Size matters: Relationships between body size and body mass of common coastal, aquatic invertebrates in the Baltic SeaEklöf, J., Austin, Å., Bergström, U., Donadi, S., Eriksson, B. D. H. K., Hansen, J. & Sundblad, G. 2017 In : PeerJ. 5, p. e2906
Research output: Scientific - peer-review › Article
BACKGROUND: Organism biomass is one of the most important variables in ecological studies, making biomass estimations one of the most common laboratory tasks. Biomass of small macroinvertebrates is usually estimated as dry mass or ash-free dry mass (hereafter 'DM' vs. 'AFDM') per sample; a laborious and time consuming process, that often can be speeded up using easily measured and reliable proxy variables like body size or wet (fresh) mass. Another common way of estimating AFDM (one of the most accurate but also time-consuming estimates of biologically active tissue mass) is the use of AFDM/DM ratios as conversion factors. So far, however, these ratios typically ignore the possibility that the relative mass of biologically active vs. non-active support tissue (e.g., protective exoskeleton or shell)-and therefore, also AFDM/DM ratios-may change with body size, as previously shown for taxa like spiders, vertebrates and trees.
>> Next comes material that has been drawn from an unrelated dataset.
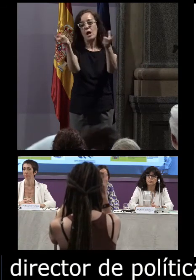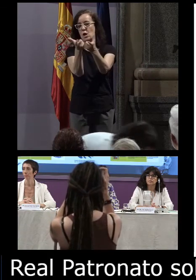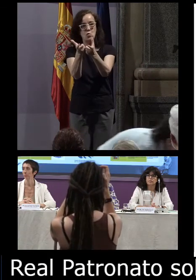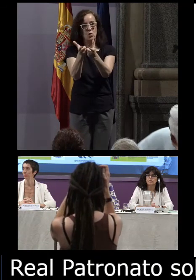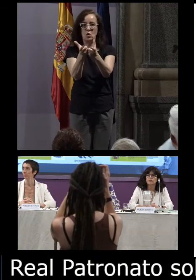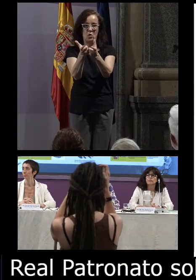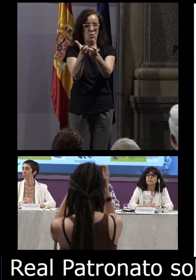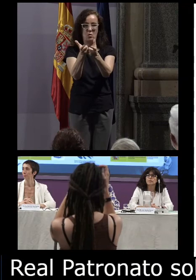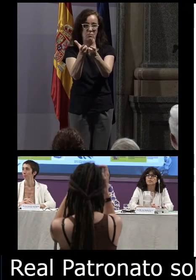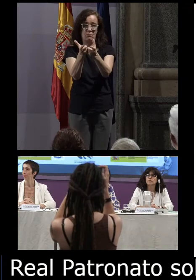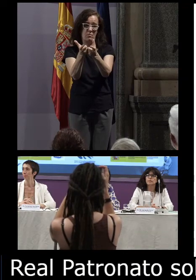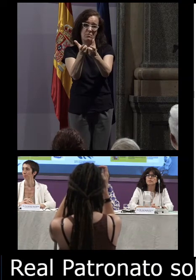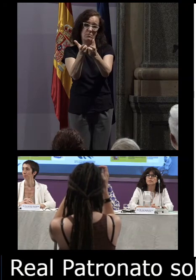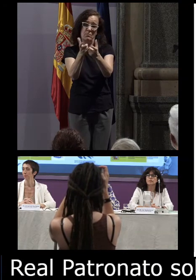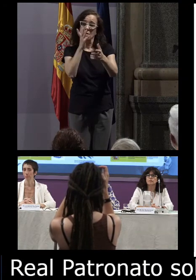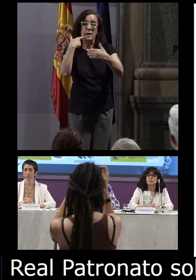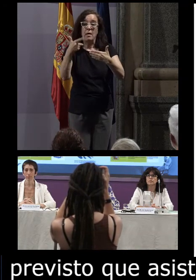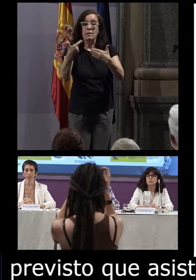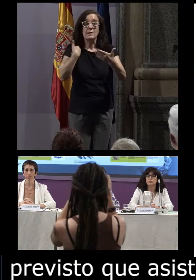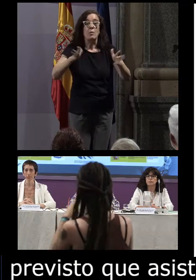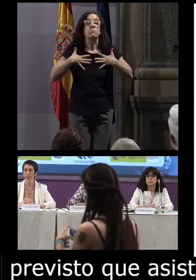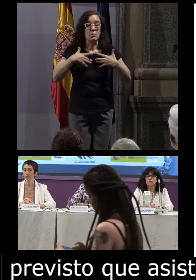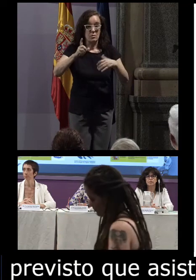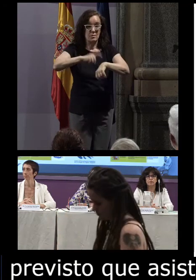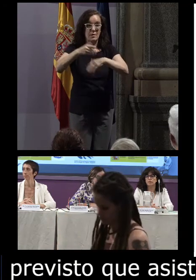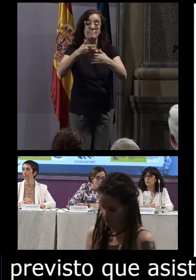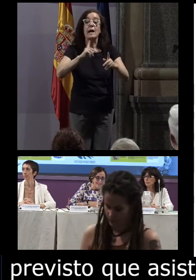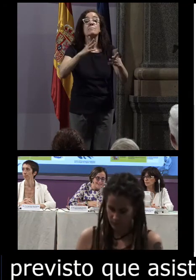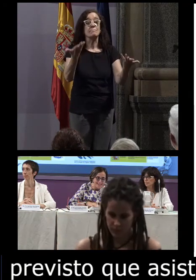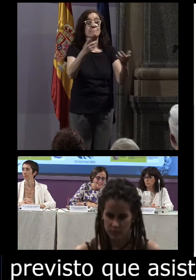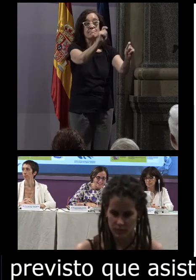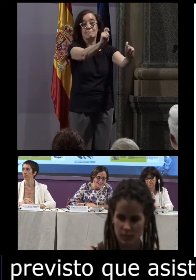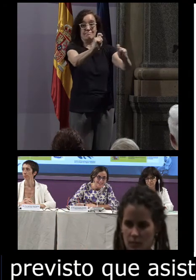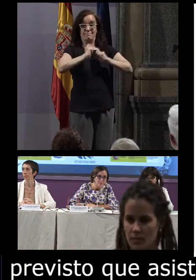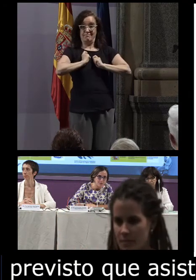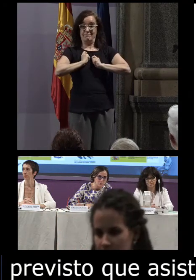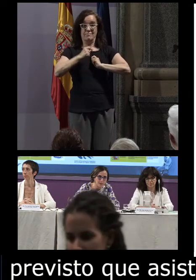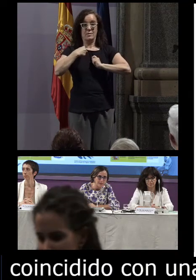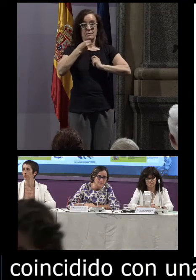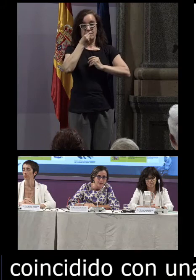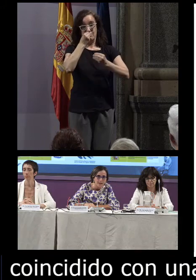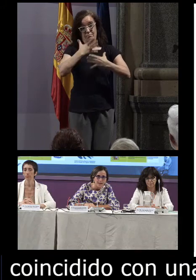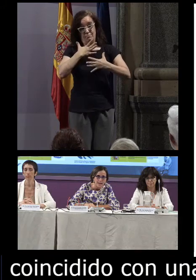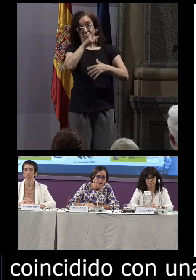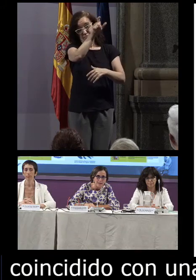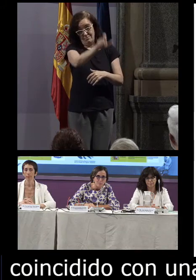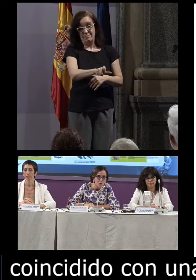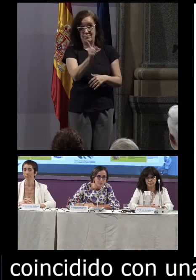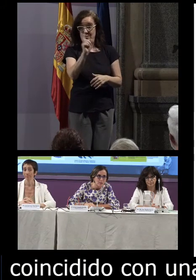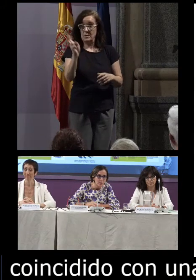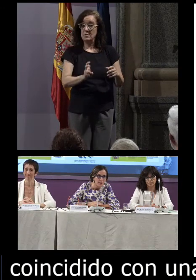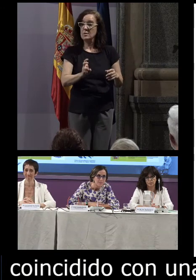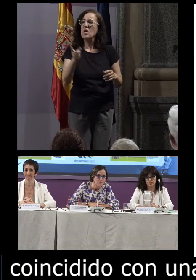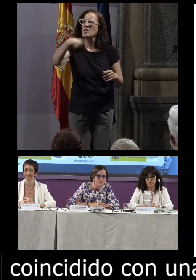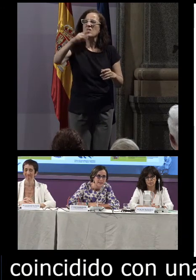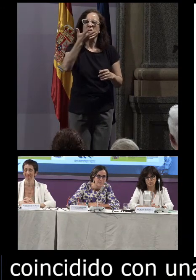puesta o fijada de última hora y me ha encomendado la tarea de sustituirle. Muchos

METHODS: We collected aquatic, epibenthic macroinvertebrates (>1 mm) in 32 shallow bays along a 360 km stretch of the Swedish coast along the Baltic Sea; one of the largest brackish water bodies on Earth. We then estimated statistical relationships between the body size (length or height in mm), body dry mass and ash-free dry mass for 14 of the most common taxa; five gastropods, three bivalves, three crustaceans and three insect larvae. Finally, we statistically estimated the potential influence of body size on the AFDM/DM ratio per taxon.
RESULTS: For most taxa, non-linear regression models describing the power relationship between body size and (i) DM and (ii) AFDM fit the data well (as indicated by low SE and high R(2)). Moreover, for more than half of the taxa studied (including the vast majority of the shelled molluscs), body size had a negative influence on organism AFDM/DM ratios.
DISCUSSION: The good fit of the modelled power relationships suggests that the constants reported here can be used to quickly estimate organism dry- and ash-free dry mass based on body size, thereby freeing up considerable work resources. However, the considerable differences in constants between taxa emphasize the need for taxon-specific relationships, and the potential dangers associated with ignoring body size. The negative influence of body size on the AFDM/DM ratio found in a majority of the molluscs could be caused by increasingly thicker shells with organism age, and/or spawning-induced loss of biologically active tissue in adults. Consequently, future studies utilizing AFDM/DM (and presumably also AFDM/wet mass) ratios should carefully assess the potential influence of body size to ensure more reliable estimates of organism body mass.